- **TASK DESCRIPTION**:
Set down each record exactly as written.

:: EXERCISE DATA

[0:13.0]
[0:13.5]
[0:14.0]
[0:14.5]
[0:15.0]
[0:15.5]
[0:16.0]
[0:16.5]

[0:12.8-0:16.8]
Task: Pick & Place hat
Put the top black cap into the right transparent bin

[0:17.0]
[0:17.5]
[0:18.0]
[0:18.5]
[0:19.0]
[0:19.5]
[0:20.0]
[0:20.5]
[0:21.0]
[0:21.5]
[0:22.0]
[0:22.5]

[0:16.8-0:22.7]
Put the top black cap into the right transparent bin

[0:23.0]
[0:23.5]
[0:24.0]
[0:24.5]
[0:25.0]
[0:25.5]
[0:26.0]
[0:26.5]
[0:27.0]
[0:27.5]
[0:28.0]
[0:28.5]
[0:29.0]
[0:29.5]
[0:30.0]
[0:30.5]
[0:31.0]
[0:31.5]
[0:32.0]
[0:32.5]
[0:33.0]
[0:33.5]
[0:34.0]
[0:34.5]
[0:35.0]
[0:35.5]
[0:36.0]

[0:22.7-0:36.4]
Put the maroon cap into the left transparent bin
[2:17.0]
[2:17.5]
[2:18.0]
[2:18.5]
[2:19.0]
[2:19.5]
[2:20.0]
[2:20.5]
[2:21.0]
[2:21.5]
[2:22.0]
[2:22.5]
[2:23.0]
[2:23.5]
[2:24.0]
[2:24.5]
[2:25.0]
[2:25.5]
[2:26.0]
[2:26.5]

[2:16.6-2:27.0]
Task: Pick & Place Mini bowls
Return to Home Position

::::

- **RESULT FOR THIS EXERCISE**:
[0:13.0]
[0:13.5]
[0:14.0]
[0:14.5]
[0:15.0]
[0:15.5]
[0:16.0]
[0:16.5]

[0:12.8-0:16.8]
Task: Pick & Place hat
Put the top black cap into the right transparent bin

[0:17.0]
[0:17.5]
[0:18.0]
[0:18.5]
[0:19.0]
[0:19.5]
[0:20.0]
[0:20.5]
[0:21.0]
[0:21.5]
[0:22.0]
[0:22.5]

[0:16.8-0:22.7]
Put the top black cap into the right transparent bin

[0:23.0]
[0:23.5]
[0:24.0]
[0:24.5]
[0:25.0]
[0:25.5]
[0:26.0]
[0:26.5]
[0:27.0]
[0:27.5]
[0:28.0]
[0:28.5]
[0:29.0]
[0:29.5]
[0:30.0]
[0:30.5]
[0:31.0]
[0:31.5]
[0:32.0]
[0:32.5]
[0:33.0]
[0:33.5]
[0:34.0]
[0:34.5]
[0:35.0]
[0:35.5]
[0:36.0]

[0:22.7-0:36.4]
Put the maroon cap into the left transparent bin
[2:17.0]
[2:17.5]
[2:18.0]
[2:18.5]
[2:19.0]
[2:19.5]
[2:20.0]
[2:20.5]
[2:21.0]
[2:21.5]
[2:22.0]
[2:22.5]
[2:23.0]
[2:23.5]
[2:24.0]
[2:24.5]
[2:25.0]
[2:25.5]
[2:26.0]
[2:26.5]

[2:16.6-2:27.0]
Task: Pick & Place Mini bowls
Return to Home Position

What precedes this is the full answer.